* **WORK ORDER**
Copying rule for the data below: pictures stay out, and only the lines from the one with "Orientation: sagittal" down to the one with "Description: Tasseled tie-back", inclusive, are repeated exactly.

Dataset entries

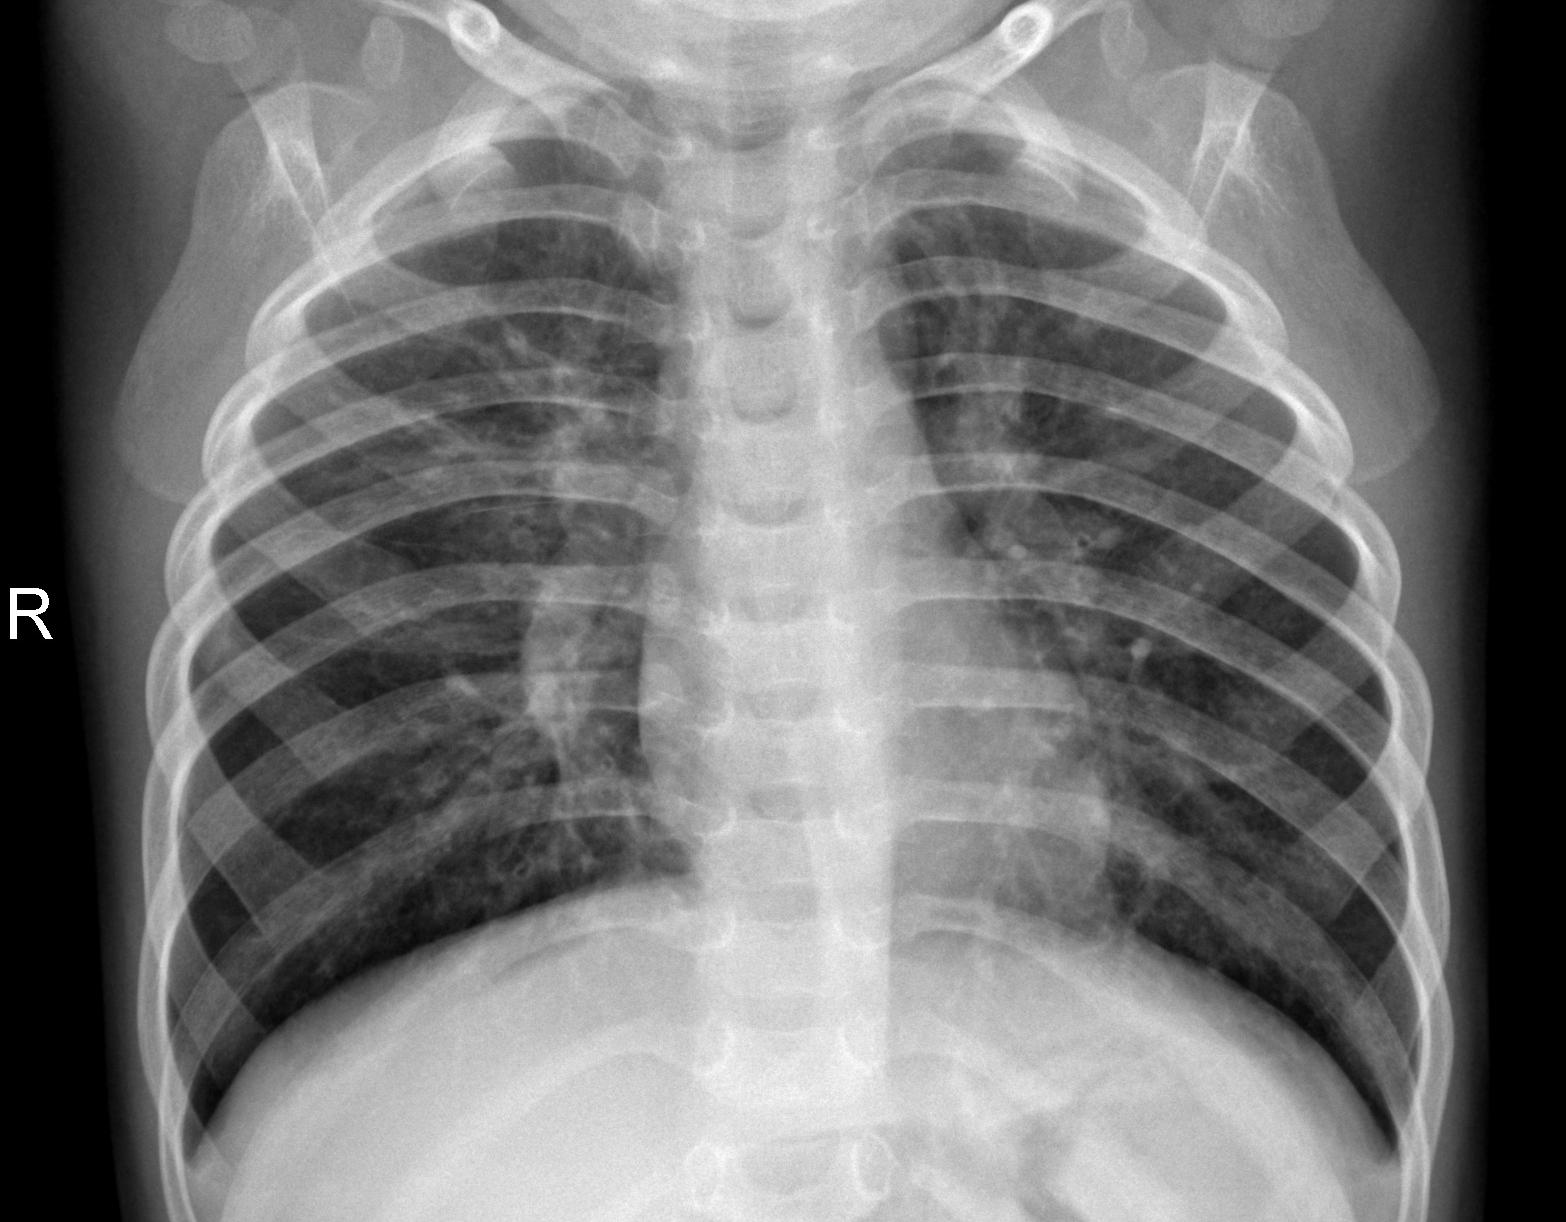
Diagnosis: PNEUMONIA
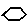
Label: hexagon
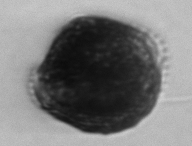
Label: Alexandrium_catenella
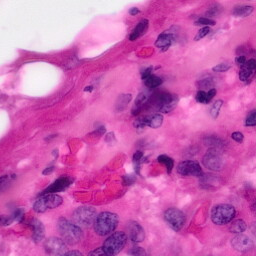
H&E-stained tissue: Pancreatic
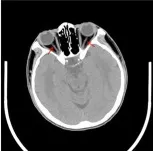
The clinical profile of the family. (C) The CT image of the proband indicating tapering of bilateral optic nerves (red arrows).
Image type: radiology (ct)
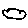
Label: cloud
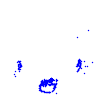
Particle: electron
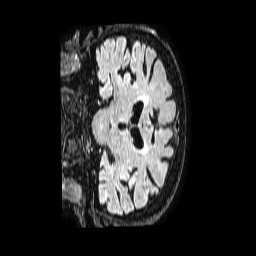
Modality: FLAIR
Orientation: coronal
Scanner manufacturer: philips
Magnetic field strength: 1.5 T
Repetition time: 4.8 s
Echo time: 0.3 s
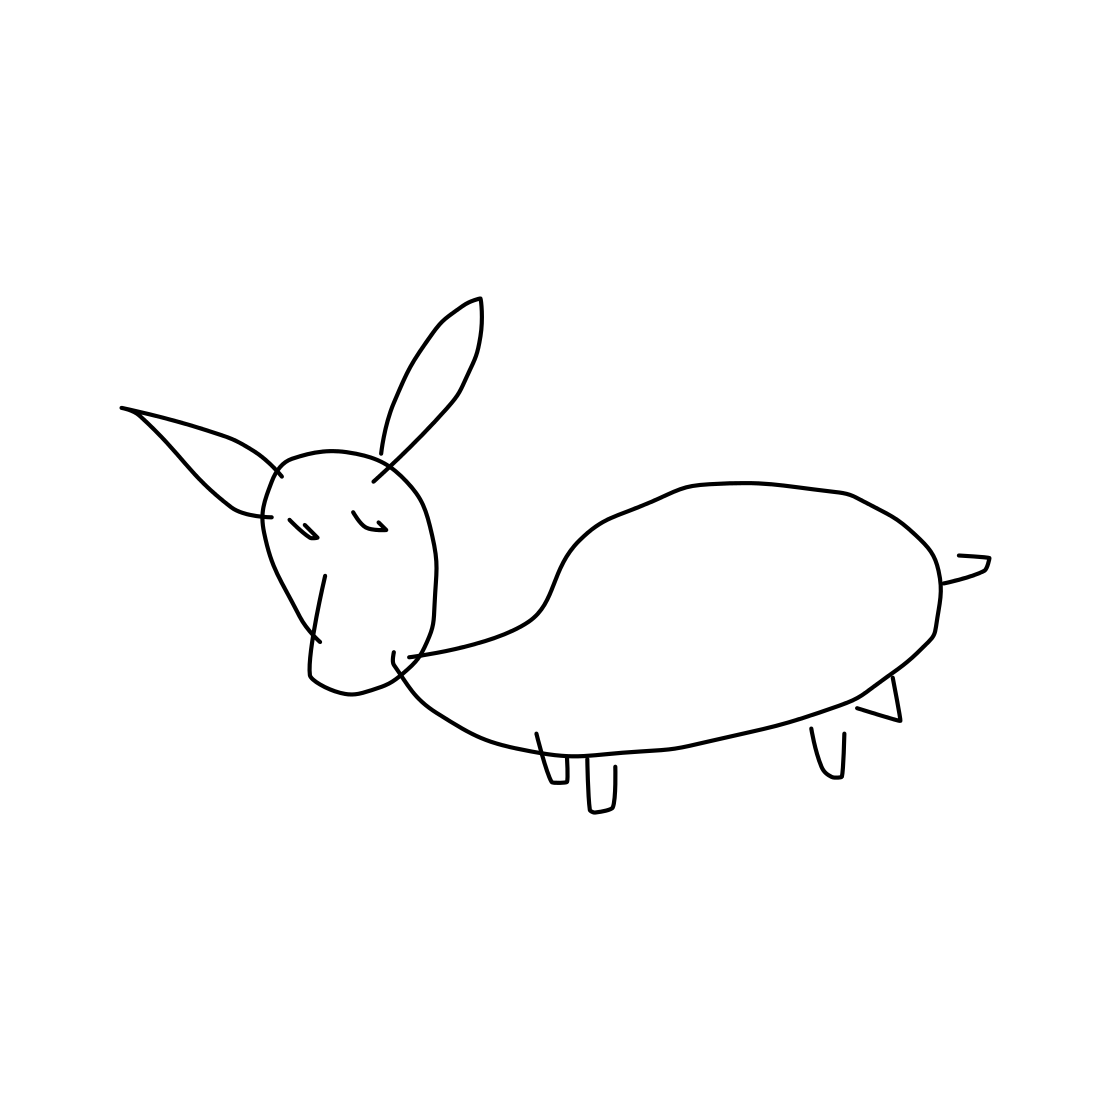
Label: rabbit
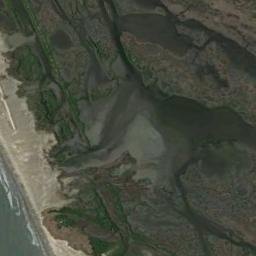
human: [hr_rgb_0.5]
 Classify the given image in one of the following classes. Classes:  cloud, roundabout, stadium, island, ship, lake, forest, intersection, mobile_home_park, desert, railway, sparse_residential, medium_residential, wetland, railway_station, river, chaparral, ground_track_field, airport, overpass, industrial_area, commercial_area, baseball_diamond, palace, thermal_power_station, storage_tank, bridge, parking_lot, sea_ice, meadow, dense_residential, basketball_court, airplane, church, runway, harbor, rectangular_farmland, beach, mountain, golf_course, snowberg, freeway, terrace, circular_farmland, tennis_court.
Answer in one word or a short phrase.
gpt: wetland
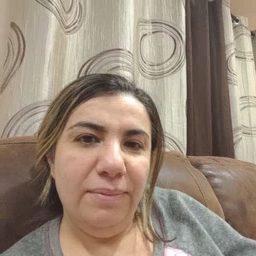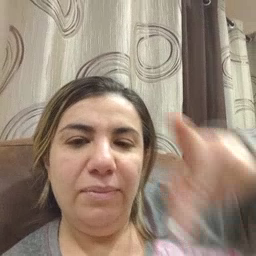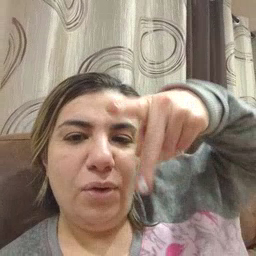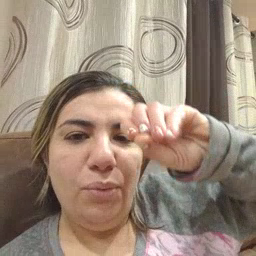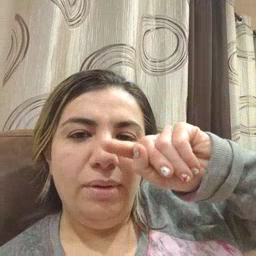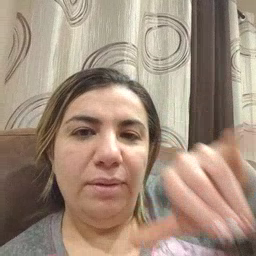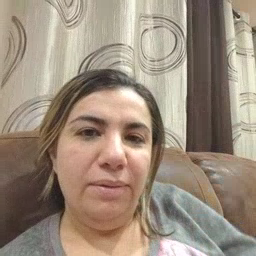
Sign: potty
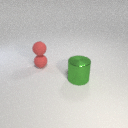
large green metal cylinder in front of small red rubber sphere
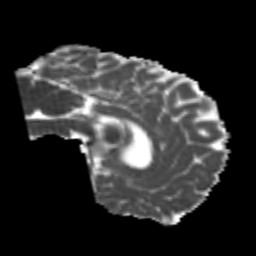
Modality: MD
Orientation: sagittal
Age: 21
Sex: male
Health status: healthy
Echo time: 0.074 s
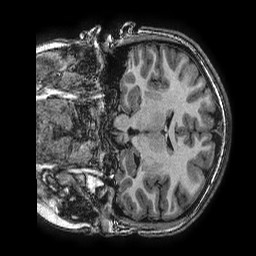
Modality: T1w
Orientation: coronal
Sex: female
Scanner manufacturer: ge
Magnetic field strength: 3 T
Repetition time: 0.0077 s
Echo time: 0.003436 s
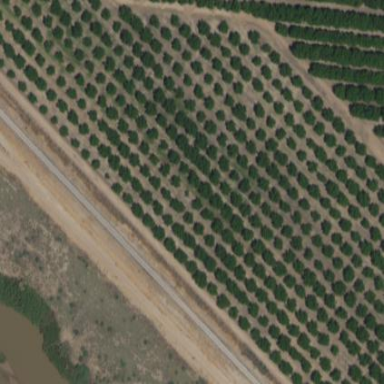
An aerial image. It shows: Orchard.
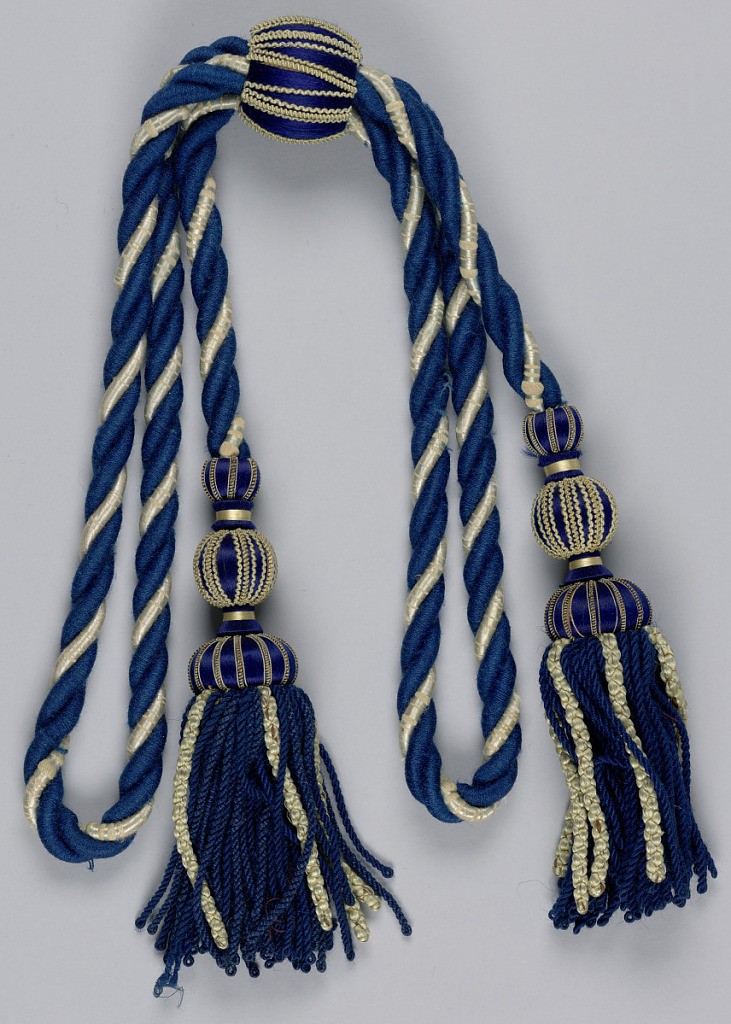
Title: Cord with two tassels
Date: mid-19th century
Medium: cotton, silk, wool, wood
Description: Tasseled tie-back of blue and white cords twisted; each end terminated by a large blue tassel.  The center of the folded tieback is caught by a large slip bead.
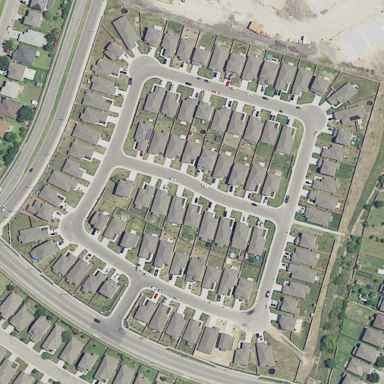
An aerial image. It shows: Single-family residential area in neighborhood setting.
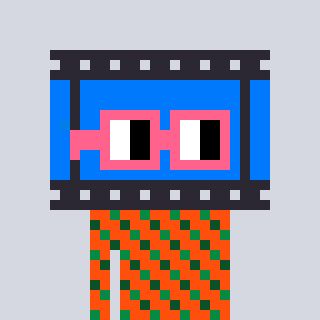
a pixel art character with square pink glasses, a film strip-shaped head and a orange-colored body on a cool background
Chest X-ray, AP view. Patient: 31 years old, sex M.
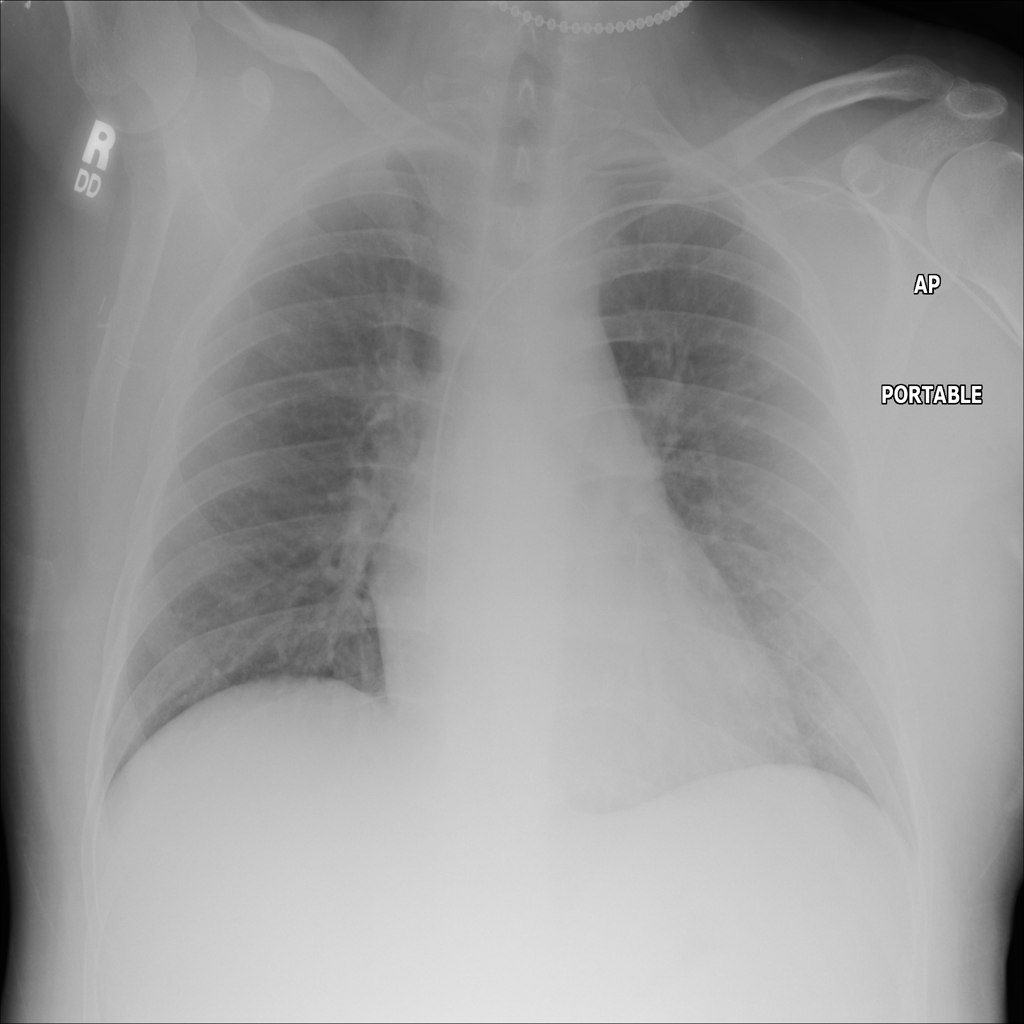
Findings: No Finding
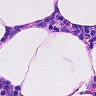
Metastatic tissue present: no
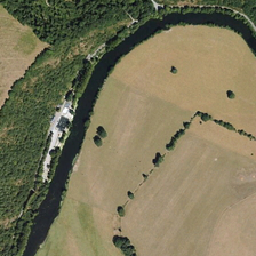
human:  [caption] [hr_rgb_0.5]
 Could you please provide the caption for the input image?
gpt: A long river flows through farmland.

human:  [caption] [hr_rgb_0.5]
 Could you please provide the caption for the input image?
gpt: A long river flows through the agricultural land.

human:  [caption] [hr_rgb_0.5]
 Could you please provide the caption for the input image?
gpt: a long river crosses the agricultural land.

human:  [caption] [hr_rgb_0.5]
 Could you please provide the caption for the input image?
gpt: A long river flows through the farmland.

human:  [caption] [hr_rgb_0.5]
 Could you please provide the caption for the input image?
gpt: A long river flows through the agricultural land.

* **SOLUTION TO THIS TASK**
Orientation: sagittal
Age: 21
Sex: male
Health status: healthy
Echo time: 0.074 s
Modality: T1w
Orientation: coronal
Sex: female
Scanner manufacturer: ge
Magnetic field strength: 3 T
Repetition time: 0.0077 s
Echo time: 0.003436 s
An aerial image. It shows: Orchard.
Title: Cord with two tassels
Date: mid-19th century
Medium: cotton, silk, wool, wood
Description: Tasseled tie-back of blue and white cords twisted; each end terminated by a large blue tassel.  The center of the folded tieback is caught by a large slip bead.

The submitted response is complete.